Язык у нас развивается нездорово, вкривь и вкось. Не говоря о таком удивительном мастере, как Пришвин, делу правильного развития языка служит, из молодых, один Леонов. Зощенко способен на многое, но ему следовало бы не забывать, что лучшее, сказанное им, «старушка, божий одуванчик», а не «собачка системы пудель».
Тут все дело в том, какое развитие языка считать правильным. Ведь это именно о тех, кто, по убеждению Горького, истово служил «делу правильного развития языка» – о Пришвине, о Леонове, – говорил Зощенко:
Мне просто трудно читать сейчас книги большинства современных писателей. Их язык для меня – почти карамзиновский. Их фразы – карамзиновские периоды.
Горький исходил из того, что вся муть постепенно уляжется, а великий русский язык – останется.
С этой точки зрения фраза: «старушка, божий одуванчик» – подлинная жемчужина, а фраза: «собачка системы пудель» – в лучшем случае лишь пародийная характеристика нашего смутного времени, когда все взбаламучено и еще не улеглось.
Но для Зощенко эти две фразы эстетически равноценны.
Эта не слишком понравившаяся Горькому фраза построена по типу: «пулемет системы „максим"», «револьвер системы „наган"» и т. п.

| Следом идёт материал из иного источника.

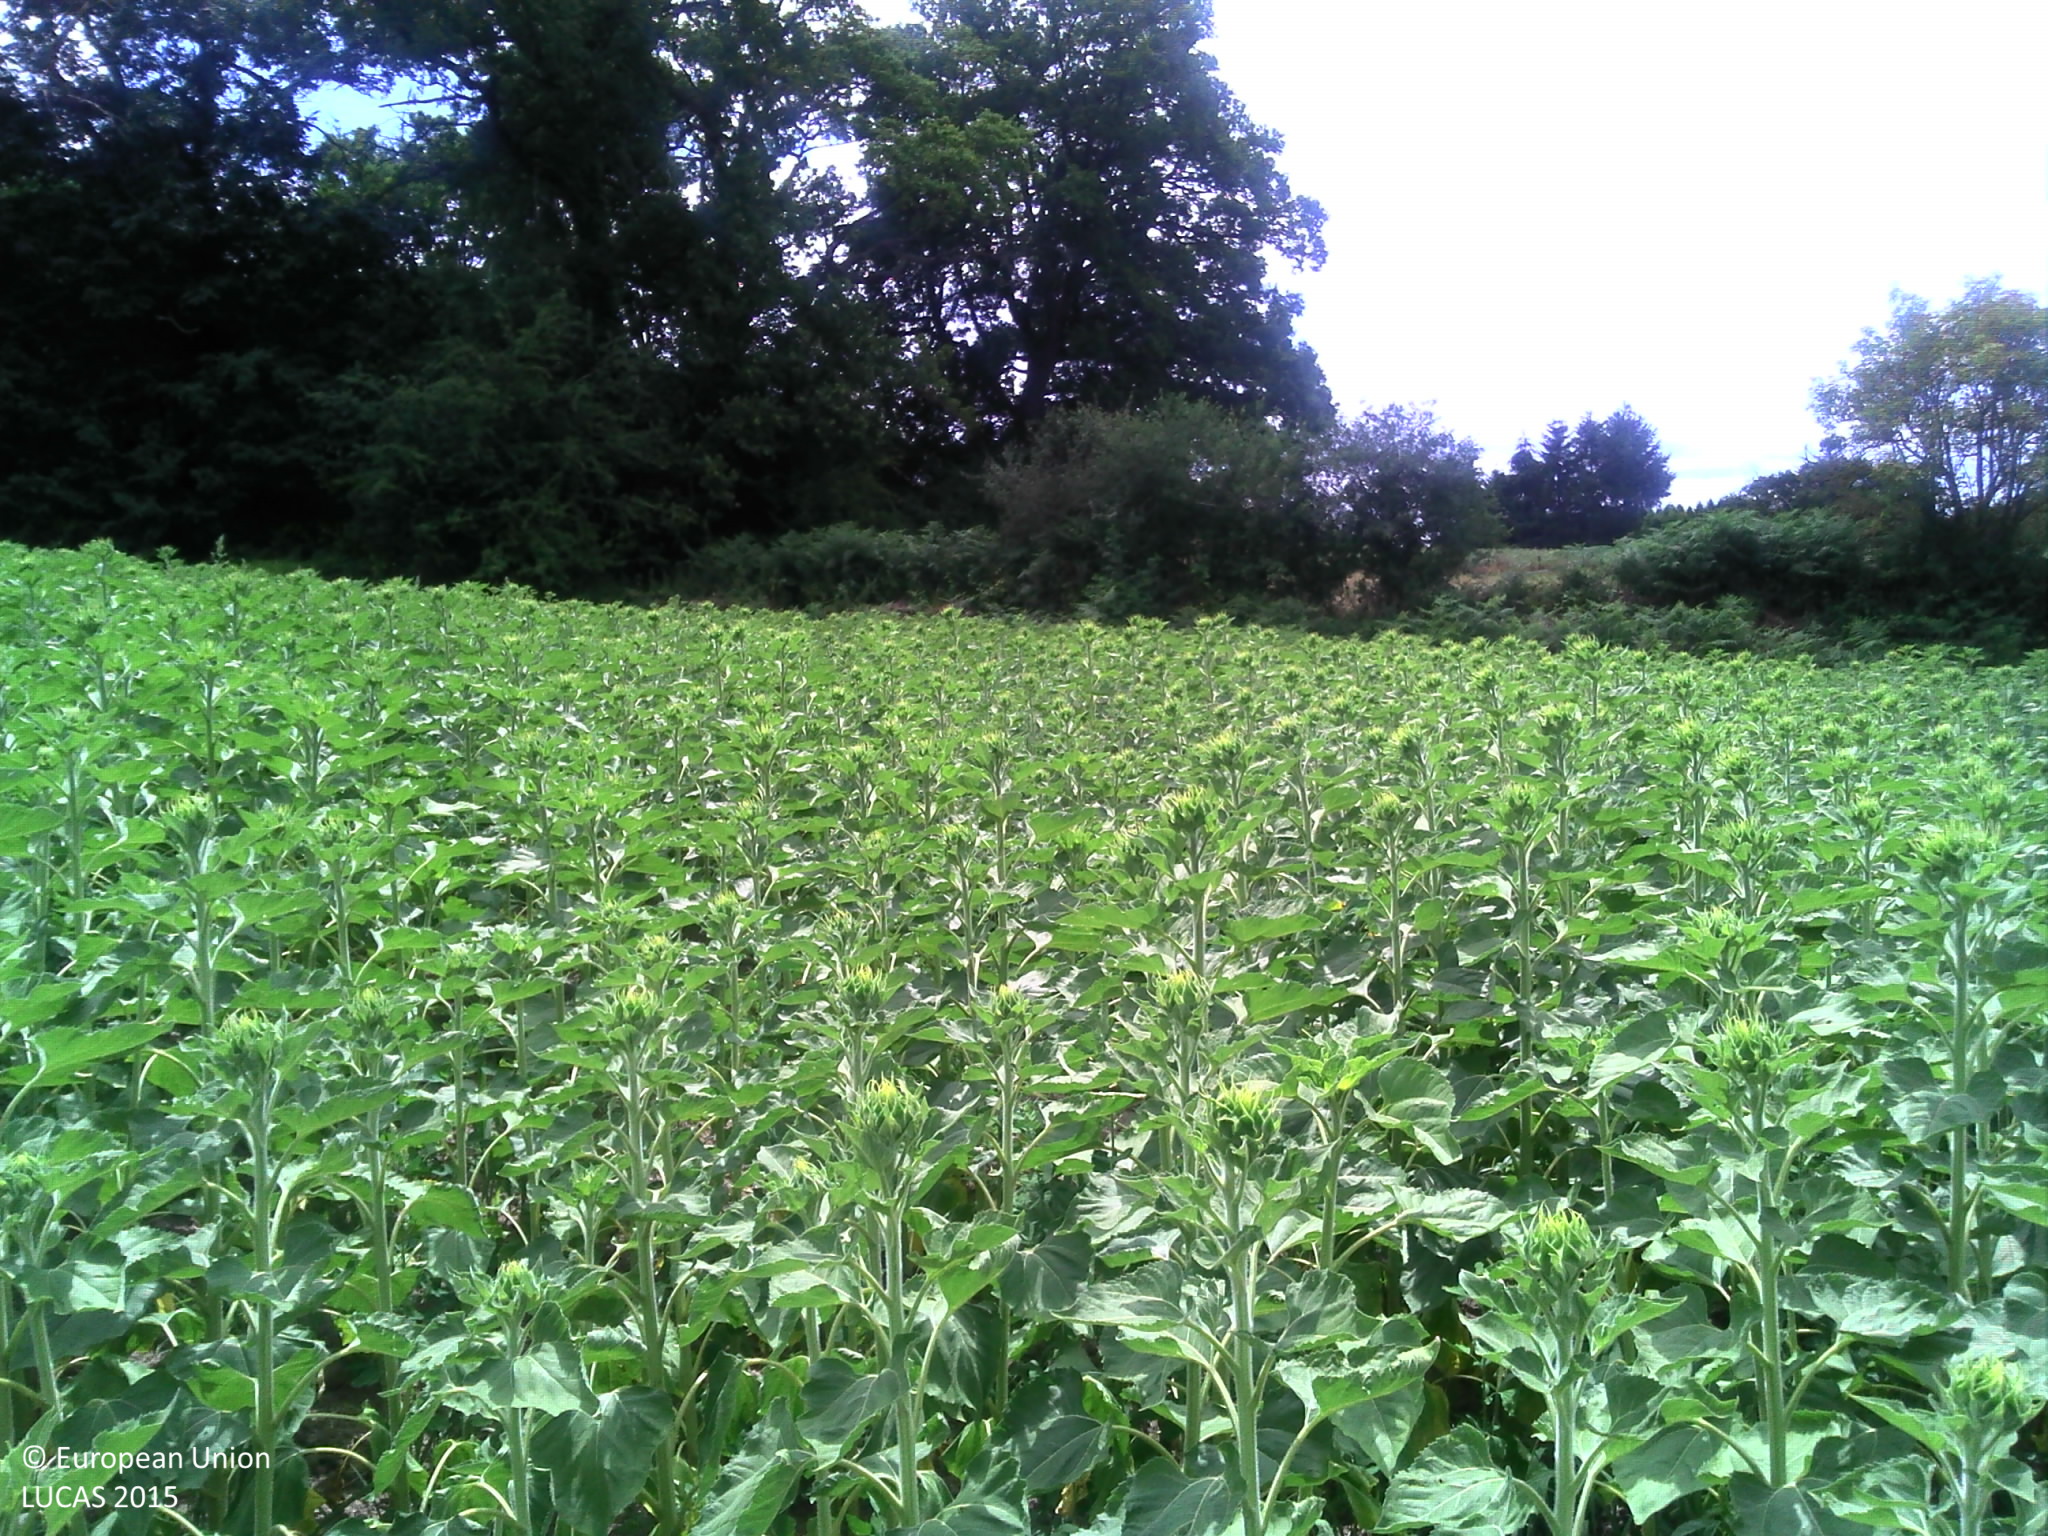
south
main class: Cropland
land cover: Sunflower
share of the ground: > 75 %
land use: Agriculture (excluding fallow land and kitchen gardens)
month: July
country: FR
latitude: 46.3649
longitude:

Фраза несет довольно существенную художественную информацию. Во-первых, она говорит о том, что с пулеметами и револьверами рассказчик имел дело чаще, чем с собачками. Во-вторых, видно, что и лексика и синтаксис этот освоены рассказчиком сравнительно недавно. Это для него нечто вроде иностранного языка, которым он не владеет, но на котором все-таки, худо ли, хорошо ли, ему удается объясниться: «Была у нас в окопах пушечка… Эх, дай бог память, – Гочкис заглавие…»
Человек, разговаривающий на языке, которым он владеет безупречно, непроизвольно выбирает из множества синонимов именно тот, который следует употребить именно в данном случае. Он знает, что по отношению к книге следует употребить слово «заглавие», а по отношению к «пушечке» лучше сказать – «название». Что о пулемете можно сказать, какой он «системы», а по отношению к собачке лучше употребить слово «порода».
Зощенковский герой обо всех этих тонкостях не догадывается. Но худо ли, хорошо ли, а он все-таки выражает примерно то, что хочет выразить. Хотя нередко и попадает впросак, как иностранец, едва научившийся изъясняться на чужом, незнакомом ему языке: «А хозяин держится индифферентно – ваньку валяет…», «Сердце не так аритмично бьется, как хотелось бы…».
Но это – ладно! Это все-таки слова чужие, не русские. А для зощенковских героев очень часто столь же темен и непонятен смысл самых что ни на есть коренных русских слов. Оперируя русскими словами, они тоже то и дело выражают мысль прямо противоположную той, какую хотели высказать:
Я, говорю, беспорядков не нарушаю…
И теперь благодаря фашистам он остался без папы и мамы…
Отвезши мою помершую бабушку в крематорий и попросив заведующего в ударном порядке сжечь ее остатки, я являюсь на другой день за результатом…
Ой, думает, мать честная, пресвятая богородица дево, радуйся…
При этом у них не возникает и тени сомнения в своем праве так свободно и беспечно тасовать слова, так произвольно месить это бесформенное словесное тесто.
Люди той, старой русской нации относились к словам иначе. Несчастный Обломов у Гончарова, вконец измучившись, оставляет недописанным важное письмо только потому, что не смог избежать в одной фразе двукратного употребления словечка «что» и двукратного же употребления слова «который». И это отнюдь не объясняется особой требовательностью к себе, особой щепетильностью Ильи Ильича: в самом деле, ведь не поэт, не Ходасевич какой-нибудь, гордо восклицавший: «Люблю из рода в род мне данный мой человеческий язык!» Мелкий отставной чиновник, вконец опустившийся байбак, а вот поди ж ты!
Малейшая неясность слога могла привести этих людей в ярость, ибо свидетельствовала о ненавистной им неясности мысли.